FMI calcula que PIB global cresceria ao menos 4% se o trabalho não remunerado fosse mais bem distribuído
(El País, 17/10/2019 – acesse no site de origem)
O que é mais privado do que a organização de cada família sobre quem faz a cama, prepara o café da manhã ou leva as crianças para a escola? À primeira vista, parece um assunto que não deveria importar para ninguém de fora da casa. Mas se analisarmos um pouco mais, essas decisões são relevantes do ponto de vista econômico. Porque uma melhor distribuição dessas tarefas, que em geral recaem principalmente sobre as mulheres, serviria como um estímulo para impulsionar o crescimento global. Esta é a principal conclusão de um artigo apresentado pelo Fundo Monetário Internacional (FMI) na assembleia anual que realiza esta semana em Washington.
“O trabalho não remunerado é uma parte substancial da atividade econômica que não se reflete no PIB e pesa desproporcionalmente sobre as mulheres”, diz um texto que considera muito importante “reduzir e redistribuir” essa carga.
O Fundo estima que no mundo as mulheres façam duas horas de trabalho não remunerado todos os dias mais do que os homens. E, embora essa diferença seja menor nos países mais ricos, que podem se permitir o que o artigo chama de “motores de libertação”, esta continua existindo também onde as mulheres desfrutam de maior independência. “Mesmo nos países mais igualitários do mundo, as mulheres fazem pelo menos 20% mais de trabalho não remunerado”, afirmam os economistas que assinam o texto.

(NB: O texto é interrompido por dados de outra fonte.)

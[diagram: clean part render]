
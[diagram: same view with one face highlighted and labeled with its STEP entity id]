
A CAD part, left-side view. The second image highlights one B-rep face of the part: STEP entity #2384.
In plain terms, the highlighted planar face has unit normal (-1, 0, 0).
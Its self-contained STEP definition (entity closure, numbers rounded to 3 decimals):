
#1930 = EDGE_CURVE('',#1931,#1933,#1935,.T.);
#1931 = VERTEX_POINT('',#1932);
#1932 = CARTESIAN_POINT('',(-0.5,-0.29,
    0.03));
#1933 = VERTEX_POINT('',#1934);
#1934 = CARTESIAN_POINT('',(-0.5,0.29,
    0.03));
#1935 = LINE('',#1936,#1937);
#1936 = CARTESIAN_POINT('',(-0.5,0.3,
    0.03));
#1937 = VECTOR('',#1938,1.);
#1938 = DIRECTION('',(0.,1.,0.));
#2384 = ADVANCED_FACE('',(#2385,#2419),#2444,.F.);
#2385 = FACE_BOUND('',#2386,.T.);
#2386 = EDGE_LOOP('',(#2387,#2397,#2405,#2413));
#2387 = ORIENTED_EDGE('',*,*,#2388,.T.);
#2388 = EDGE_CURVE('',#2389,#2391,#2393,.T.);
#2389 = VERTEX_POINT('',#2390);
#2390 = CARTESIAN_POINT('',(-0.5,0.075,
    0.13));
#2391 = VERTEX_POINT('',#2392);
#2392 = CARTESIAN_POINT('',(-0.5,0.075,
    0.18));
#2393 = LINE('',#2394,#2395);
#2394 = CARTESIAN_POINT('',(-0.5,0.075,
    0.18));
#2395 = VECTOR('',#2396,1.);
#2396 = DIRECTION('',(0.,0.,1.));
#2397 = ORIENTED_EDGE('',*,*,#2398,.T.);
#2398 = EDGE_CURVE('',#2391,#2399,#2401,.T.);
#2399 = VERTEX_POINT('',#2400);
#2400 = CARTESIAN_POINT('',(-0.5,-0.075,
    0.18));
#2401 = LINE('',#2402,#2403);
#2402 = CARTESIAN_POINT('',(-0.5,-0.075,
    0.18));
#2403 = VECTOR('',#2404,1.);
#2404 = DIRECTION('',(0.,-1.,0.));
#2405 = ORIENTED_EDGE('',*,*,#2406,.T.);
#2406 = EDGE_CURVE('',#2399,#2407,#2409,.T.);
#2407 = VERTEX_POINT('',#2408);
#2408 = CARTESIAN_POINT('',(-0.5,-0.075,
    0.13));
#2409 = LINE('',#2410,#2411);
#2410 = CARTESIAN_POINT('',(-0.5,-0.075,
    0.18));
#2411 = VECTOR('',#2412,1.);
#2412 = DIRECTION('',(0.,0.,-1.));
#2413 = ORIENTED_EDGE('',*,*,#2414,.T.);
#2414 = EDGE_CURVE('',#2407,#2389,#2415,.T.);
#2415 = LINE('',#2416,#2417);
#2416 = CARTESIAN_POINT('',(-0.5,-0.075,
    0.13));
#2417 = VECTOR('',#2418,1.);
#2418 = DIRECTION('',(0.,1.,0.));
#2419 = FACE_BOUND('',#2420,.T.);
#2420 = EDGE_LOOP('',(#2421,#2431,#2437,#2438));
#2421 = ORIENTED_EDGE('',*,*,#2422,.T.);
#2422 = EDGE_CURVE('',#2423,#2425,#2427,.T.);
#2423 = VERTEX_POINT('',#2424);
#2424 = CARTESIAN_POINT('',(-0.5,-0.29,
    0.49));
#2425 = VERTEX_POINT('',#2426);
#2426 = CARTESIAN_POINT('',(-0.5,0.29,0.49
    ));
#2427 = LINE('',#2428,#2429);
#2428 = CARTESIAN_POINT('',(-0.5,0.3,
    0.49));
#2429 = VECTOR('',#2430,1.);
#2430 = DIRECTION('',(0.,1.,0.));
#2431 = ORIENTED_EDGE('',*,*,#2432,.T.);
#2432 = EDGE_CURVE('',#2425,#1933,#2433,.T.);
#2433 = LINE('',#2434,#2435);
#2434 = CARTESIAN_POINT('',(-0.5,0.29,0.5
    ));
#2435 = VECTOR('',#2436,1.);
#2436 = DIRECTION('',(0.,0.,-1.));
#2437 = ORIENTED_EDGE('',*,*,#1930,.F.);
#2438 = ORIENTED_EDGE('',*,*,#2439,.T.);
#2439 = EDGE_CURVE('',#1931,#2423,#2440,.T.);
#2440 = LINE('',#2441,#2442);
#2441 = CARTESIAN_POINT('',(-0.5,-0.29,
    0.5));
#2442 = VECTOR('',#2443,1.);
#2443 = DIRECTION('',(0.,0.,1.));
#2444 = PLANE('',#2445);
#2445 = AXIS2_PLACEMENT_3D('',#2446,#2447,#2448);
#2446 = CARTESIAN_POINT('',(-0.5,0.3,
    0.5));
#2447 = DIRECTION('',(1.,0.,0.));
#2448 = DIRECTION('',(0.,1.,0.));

Além de outras considerações, o artigo critica essa carga de trabalho desproporcional por gerar uma menor participação da mulher no mercado de trabalho e uma diminuição geral da produtividade. E estima que, se fossem implementadas políticas para reduzir essas diferenças, o PIB global aumentaria ao menos 4%, de acordo com um cálculo que os próprios autores consideram conservador.
O artigo admite que grande parte desse trabalho é feita por escolha pessoal. Mas também lembram que “com muita frequência” as mulheres são forçadas a fazê-lo. “O tempo que dedicam a essas tarefas reflete as restrições impostas pelas normas culturais e a falta de serviços públicos, infraestrutura e políticas de licenças familiares”, continua.

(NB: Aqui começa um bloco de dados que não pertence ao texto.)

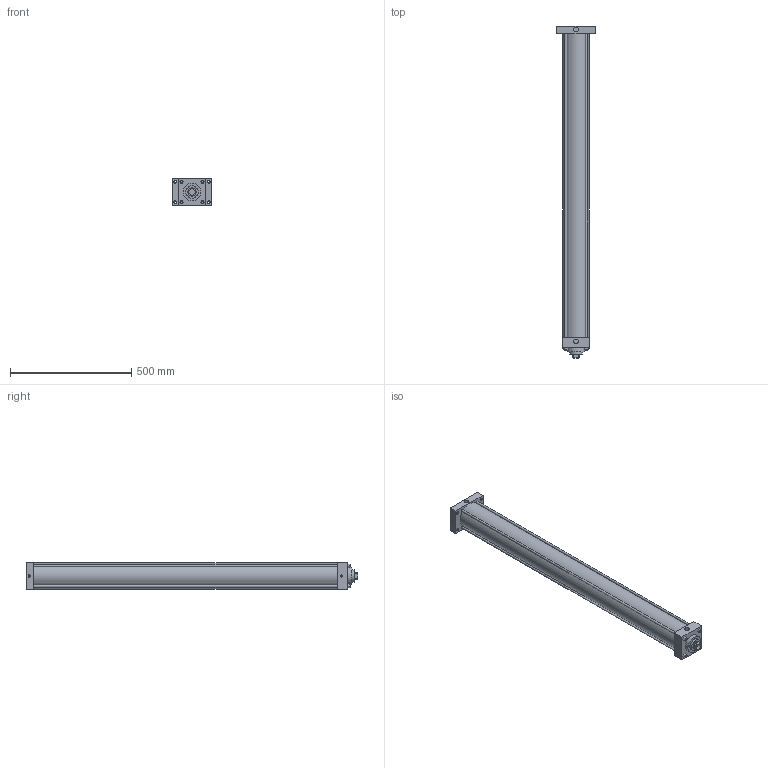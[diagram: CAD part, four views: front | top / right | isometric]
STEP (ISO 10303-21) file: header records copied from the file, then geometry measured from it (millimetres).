
FILE_DESCRIPTION((' Parasolid data model '),'2;1');
FILE_NAME('GSSL','1999-12-15T14:50:56+00:00',(' GSSL '),(' GSSL Pune '),'','GSSL Pune','Author');
FILE_SCHEMA(('CONFIG_CONTROL_DESIGN'));
Length unit declared in the file: millimetre
Bounding box: 158.75 x 1368.42 x 114.3 mm (x, y, z)
Surface area: 661398.2 mm2 (no closed solid volume)
Topology: 0 solids, 5 shells, 90 faces, 225 edges, 160 vertices
Faces by surface type: plane 61, cylinder 29
Full cylindrical faces by diameter (mm): 8.731 x6, 8.763 x8, 11.125 x4, 19.844 x2, 25.4 x1, 34.925 x1, 50.8 x1, 73.025 x1, 107.95 x1
Entity records: 2960 total; most frequent: CARTESIAN_POINT 512, DIRECTION 468, ORIENTED_EDGE 393, EDGE_CURVE 234, VERTEX_POINT 190, LINE 176, VECTOR 176, EDGE_LOOP 166

Já faz anos que o FMI quer mostrar um rosto mais amigável e concentrar sua atenção em questões como inclusão financeira no terceiro mundo ou igualdade de gênero. Esta é a primeira vez que o organismo tem mulheres como diretora-gerente –Kristalina Georgieva, que sucedeu Christine Lagarde– e como economista-chefe –Gita Gopinath. “Apertem o cinto! [A igualdade de gênero] vai chegar”, disse Georgieva na terça-feira em um evento no qual falou sobre o papel das mulheres no organismo, em que apenas 25% dos postos mais altos são ocupados por mulheres. E insistiu que os estudos mostram que a igualdade promove o crescimento econômico.

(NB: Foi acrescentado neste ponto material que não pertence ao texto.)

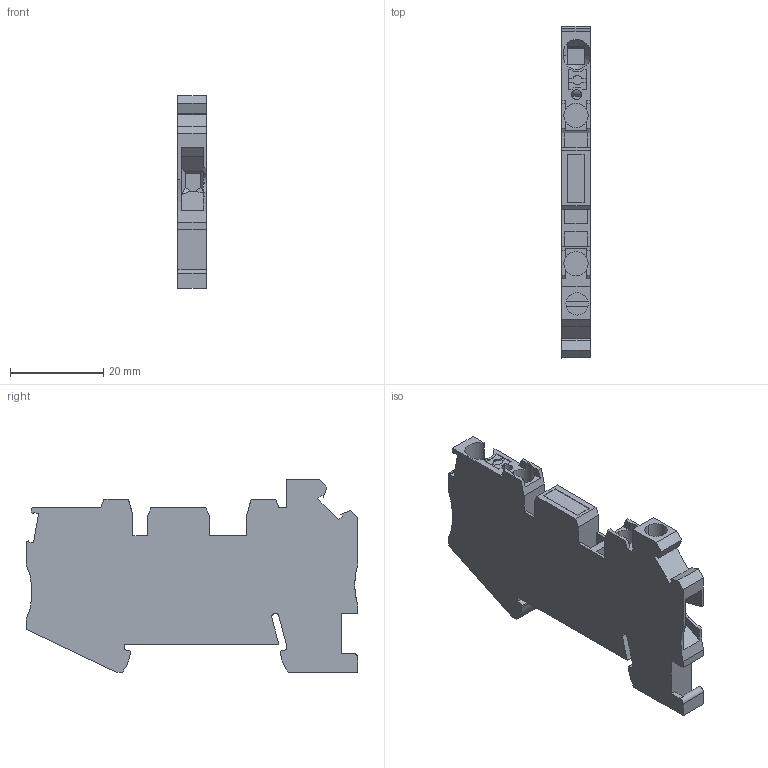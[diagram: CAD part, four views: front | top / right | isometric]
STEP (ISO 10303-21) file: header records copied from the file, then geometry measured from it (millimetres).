
FILE_DESCRIPTION(('Creo Elements/Direct Modeling STEP Export'),'2;1');
FILE_NAME('model.stp','2019-10-02T 0:40:20',(''),(''),'Creo Elements/Direct Modeling STEP processor for AP214 (Solid Model)','Creo Elements/Direct Modeling 20.1A 29-Sep-2018 (C) Parametric Technology GmbH','');
FILE_SCHEMA(('AUTOMOTIVE_DESIGN { 1 0 10303 214 1 1 1 1 }'));
Length unit declared in the file: millimetre
Products named in the file (2): PTU_4_MTD-select
Assembly tree (1 placements, depth 2):
  PTU_4_MTD-select
    PTU_4_MTD-select
Bounding box: 6.15 x 71 x 41.25 mm (x, y, z)
Volume: 10713.8 mm3; surface area: 7872.8 mm2
Topology: 1 solids, 1 shells, 182 faces, 521 edges, 345 vertices
Faces by surface type: plane 157, cylinder 22, torus 2, cone 1
Entity records: 7939 total; most frequent: CARTESIAN_POINT 1758, ORIENTED_EDGE 1042, DIRECTION 882, EDGE_CURVE 521, VECTOR 432, LINE 432, VERTEX_POINT 345, AXIS2_PLACEMENT_3D 225

O artigo não se limita a apontar um problema. Também sugere um caminho para aliviá-lo. Propõe aos Governos dos países em desenvolvimento investirem em infraestrutura, segurança e serviços como água ou eletricidade, para descarregar as mulheres de trabalho. E sugere a todos os países do mundo melhorar a conectividade digital. É outra maneira de promover uma maior participação da mulher no mercado de trabalho formal. Aquele que é computado nas estatísticas.